Materials provided:
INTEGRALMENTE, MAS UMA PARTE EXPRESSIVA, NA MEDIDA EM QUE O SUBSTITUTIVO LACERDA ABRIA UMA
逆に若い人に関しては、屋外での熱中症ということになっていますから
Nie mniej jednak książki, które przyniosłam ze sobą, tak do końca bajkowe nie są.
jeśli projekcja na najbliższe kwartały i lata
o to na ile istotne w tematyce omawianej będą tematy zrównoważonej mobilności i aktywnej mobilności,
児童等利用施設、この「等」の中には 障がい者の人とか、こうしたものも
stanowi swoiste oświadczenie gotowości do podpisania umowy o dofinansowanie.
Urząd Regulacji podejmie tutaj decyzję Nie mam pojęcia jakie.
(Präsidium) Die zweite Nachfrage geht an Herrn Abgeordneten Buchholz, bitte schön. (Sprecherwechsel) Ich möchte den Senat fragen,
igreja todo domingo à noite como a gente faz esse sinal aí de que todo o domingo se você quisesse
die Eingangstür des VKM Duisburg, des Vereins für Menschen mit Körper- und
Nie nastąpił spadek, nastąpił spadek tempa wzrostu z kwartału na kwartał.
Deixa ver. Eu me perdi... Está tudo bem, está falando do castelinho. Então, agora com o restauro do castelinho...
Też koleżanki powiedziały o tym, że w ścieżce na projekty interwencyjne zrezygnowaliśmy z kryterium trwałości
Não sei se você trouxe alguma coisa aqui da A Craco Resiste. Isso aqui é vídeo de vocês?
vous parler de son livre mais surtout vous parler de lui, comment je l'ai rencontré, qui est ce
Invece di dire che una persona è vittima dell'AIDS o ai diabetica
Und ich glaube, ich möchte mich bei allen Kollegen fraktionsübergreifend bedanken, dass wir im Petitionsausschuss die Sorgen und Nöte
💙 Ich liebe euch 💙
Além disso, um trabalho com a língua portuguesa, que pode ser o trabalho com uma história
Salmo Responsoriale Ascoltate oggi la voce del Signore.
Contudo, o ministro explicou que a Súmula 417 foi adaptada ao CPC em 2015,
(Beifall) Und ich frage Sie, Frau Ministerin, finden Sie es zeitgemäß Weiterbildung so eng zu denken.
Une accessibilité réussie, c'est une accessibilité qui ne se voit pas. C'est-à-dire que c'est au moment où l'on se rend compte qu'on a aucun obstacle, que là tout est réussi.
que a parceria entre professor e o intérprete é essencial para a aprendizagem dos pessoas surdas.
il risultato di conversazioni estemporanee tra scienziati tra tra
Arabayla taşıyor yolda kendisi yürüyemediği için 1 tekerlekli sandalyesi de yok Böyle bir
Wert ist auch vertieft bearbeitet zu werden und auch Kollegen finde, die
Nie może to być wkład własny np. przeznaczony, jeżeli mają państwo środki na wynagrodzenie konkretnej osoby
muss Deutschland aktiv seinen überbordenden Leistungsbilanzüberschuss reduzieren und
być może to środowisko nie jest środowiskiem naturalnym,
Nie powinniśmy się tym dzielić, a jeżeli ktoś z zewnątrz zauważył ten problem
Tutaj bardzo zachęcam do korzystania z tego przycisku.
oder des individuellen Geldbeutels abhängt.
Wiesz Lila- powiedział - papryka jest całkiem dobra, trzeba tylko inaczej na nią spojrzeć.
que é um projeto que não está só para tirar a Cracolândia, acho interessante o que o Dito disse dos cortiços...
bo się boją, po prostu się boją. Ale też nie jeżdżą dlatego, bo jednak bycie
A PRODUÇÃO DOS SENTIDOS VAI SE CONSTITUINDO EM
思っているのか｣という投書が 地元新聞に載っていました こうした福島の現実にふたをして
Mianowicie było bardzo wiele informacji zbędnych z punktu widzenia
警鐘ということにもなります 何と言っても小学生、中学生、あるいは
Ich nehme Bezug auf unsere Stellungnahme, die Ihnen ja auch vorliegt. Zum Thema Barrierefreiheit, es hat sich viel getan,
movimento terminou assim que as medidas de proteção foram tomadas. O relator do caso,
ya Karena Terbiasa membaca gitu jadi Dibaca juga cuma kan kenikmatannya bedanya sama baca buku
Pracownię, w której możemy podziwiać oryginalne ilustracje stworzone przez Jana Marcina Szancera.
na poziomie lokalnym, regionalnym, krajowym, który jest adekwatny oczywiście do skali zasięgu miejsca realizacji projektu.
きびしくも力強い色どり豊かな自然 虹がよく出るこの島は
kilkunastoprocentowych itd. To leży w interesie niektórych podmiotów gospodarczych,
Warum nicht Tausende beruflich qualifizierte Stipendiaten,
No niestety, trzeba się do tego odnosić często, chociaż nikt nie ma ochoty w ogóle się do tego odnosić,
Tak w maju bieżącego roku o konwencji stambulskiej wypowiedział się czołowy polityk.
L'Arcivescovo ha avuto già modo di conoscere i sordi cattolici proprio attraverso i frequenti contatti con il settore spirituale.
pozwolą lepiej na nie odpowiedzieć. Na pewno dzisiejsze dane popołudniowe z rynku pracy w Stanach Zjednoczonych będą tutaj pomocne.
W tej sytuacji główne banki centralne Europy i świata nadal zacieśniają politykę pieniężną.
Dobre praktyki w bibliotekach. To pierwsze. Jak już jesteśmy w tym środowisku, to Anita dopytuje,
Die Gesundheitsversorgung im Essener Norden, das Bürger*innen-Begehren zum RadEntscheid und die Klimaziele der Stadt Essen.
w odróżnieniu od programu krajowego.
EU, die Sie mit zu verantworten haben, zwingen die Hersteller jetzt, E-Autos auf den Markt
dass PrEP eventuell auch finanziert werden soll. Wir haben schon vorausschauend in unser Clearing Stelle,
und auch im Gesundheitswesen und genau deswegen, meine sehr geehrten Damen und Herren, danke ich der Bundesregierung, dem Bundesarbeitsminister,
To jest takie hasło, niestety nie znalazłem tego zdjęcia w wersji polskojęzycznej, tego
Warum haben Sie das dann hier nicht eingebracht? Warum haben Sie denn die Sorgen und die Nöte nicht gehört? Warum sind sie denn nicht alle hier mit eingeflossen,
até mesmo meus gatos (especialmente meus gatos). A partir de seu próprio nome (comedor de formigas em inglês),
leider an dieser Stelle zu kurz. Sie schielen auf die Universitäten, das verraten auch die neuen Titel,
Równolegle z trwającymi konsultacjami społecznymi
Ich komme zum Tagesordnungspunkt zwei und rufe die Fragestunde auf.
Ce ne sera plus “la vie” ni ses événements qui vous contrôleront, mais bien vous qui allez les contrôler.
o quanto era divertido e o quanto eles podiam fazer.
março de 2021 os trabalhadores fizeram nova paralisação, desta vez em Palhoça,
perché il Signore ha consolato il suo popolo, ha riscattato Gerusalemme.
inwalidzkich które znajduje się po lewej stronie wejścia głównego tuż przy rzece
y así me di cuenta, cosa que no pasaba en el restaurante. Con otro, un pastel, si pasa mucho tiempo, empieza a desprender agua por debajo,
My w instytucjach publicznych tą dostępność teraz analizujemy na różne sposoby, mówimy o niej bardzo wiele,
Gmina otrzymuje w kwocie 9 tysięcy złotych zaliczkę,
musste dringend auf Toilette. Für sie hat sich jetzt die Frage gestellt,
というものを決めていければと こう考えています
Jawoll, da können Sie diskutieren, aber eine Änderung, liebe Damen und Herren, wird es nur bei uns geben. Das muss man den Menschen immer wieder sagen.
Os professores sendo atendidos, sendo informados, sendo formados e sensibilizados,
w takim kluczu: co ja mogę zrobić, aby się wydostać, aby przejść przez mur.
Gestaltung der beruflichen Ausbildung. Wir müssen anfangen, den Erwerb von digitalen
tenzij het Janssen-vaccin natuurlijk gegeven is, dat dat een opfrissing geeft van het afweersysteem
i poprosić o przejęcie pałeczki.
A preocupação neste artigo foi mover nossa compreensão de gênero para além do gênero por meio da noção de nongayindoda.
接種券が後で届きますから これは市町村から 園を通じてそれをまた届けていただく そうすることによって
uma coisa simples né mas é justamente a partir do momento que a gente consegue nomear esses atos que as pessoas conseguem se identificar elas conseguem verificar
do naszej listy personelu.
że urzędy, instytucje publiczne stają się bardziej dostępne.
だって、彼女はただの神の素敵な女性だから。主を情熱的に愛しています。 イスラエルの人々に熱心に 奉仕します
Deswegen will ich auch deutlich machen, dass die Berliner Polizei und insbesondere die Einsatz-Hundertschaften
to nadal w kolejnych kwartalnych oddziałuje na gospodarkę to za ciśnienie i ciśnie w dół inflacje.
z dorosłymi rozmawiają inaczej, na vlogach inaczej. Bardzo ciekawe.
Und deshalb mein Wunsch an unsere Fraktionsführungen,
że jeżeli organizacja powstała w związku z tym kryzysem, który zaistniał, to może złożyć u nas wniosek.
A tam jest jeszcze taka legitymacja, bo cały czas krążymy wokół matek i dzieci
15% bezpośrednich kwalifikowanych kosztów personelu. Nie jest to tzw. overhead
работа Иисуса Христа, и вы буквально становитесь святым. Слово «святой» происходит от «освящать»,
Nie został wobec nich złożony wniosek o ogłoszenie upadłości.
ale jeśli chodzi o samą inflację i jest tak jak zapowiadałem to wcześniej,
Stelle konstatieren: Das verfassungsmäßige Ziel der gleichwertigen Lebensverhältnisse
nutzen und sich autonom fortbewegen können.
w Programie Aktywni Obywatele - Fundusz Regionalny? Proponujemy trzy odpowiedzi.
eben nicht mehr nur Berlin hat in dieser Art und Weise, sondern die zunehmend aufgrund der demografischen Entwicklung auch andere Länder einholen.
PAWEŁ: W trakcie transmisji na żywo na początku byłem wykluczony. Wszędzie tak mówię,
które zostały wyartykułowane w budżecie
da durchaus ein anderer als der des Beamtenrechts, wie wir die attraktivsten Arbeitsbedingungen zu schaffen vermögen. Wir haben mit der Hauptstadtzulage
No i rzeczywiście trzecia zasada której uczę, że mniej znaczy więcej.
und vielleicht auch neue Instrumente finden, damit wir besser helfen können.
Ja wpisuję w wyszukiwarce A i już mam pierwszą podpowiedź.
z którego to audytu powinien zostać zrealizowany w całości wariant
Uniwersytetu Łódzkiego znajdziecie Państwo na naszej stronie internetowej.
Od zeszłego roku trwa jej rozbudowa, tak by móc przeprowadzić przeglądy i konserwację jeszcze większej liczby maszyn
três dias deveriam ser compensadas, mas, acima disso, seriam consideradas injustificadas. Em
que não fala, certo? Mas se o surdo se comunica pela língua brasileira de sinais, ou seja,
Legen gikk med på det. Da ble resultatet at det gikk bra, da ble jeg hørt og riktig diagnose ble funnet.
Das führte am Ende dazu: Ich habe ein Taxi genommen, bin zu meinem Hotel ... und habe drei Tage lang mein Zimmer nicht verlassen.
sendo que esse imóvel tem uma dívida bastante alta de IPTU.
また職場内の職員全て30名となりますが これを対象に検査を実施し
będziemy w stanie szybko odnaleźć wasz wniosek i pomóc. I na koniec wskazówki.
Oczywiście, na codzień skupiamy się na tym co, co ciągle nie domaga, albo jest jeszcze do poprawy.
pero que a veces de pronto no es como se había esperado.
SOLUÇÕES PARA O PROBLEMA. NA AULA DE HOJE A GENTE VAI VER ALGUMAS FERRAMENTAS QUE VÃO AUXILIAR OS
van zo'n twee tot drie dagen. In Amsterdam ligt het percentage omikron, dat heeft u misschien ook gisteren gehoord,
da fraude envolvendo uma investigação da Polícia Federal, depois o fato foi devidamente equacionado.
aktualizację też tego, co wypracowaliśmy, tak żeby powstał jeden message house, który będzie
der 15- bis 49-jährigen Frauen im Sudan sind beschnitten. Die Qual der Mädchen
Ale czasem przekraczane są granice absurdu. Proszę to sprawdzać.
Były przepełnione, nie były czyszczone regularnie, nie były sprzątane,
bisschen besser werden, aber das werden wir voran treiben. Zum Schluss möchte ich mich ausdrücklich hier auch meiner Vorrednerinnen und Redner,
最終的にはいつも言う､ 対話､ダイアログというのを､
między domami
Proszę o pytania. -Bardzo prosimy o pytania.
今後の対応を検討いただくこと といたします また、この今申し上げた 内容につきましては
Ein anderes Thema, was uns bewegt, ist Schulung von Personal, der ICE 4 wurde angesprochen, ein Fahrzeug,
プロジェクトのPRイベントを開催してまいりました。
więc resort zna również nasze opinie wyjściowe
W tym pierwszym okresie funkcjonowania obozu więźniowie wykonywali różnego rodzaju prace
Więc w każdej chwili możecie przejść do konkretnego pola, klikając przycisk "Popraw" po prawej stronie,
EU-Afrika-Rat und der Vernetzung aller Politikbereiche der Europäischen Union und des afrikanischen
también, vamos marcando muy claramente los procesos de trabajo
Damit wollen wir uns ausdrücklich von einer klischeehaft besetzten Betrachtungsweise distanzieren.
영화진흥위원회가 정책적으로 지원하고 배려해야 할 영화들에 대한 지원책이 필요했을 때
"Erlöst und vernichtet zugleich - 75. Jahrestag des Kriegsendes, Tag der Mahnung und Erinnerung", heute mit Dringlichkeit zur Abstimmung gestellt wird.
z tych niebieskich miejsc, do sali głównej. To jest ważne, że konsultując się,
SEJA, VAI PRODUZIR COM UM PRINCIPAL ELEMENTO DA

What to do:
With the line containing "영화진흥위원회가 정책적으로 지원하고" as the start and the last line of the material above as the end, copy that run of lines exactly, both ends included, and nothing more.

Exercise response:
영화진흥위원회가 정책적으로 지원하고 배려해야 할 영화들에 대한 지원책이 필요했을 때
"Erlöst und vernichtet zugleich - 75. Jahrestag des Kriegsendes, Tag der Mahnung und Erinnerung", heute mit Dringlichkeit zur Abstimmung gestellt wird.
z tych niebieskich miejsc, do sali głównej. To jest ważne, że konsultując się,
SEJA, VAI PRODUZIR COM UM PRINCIPAL ELEMENTO DA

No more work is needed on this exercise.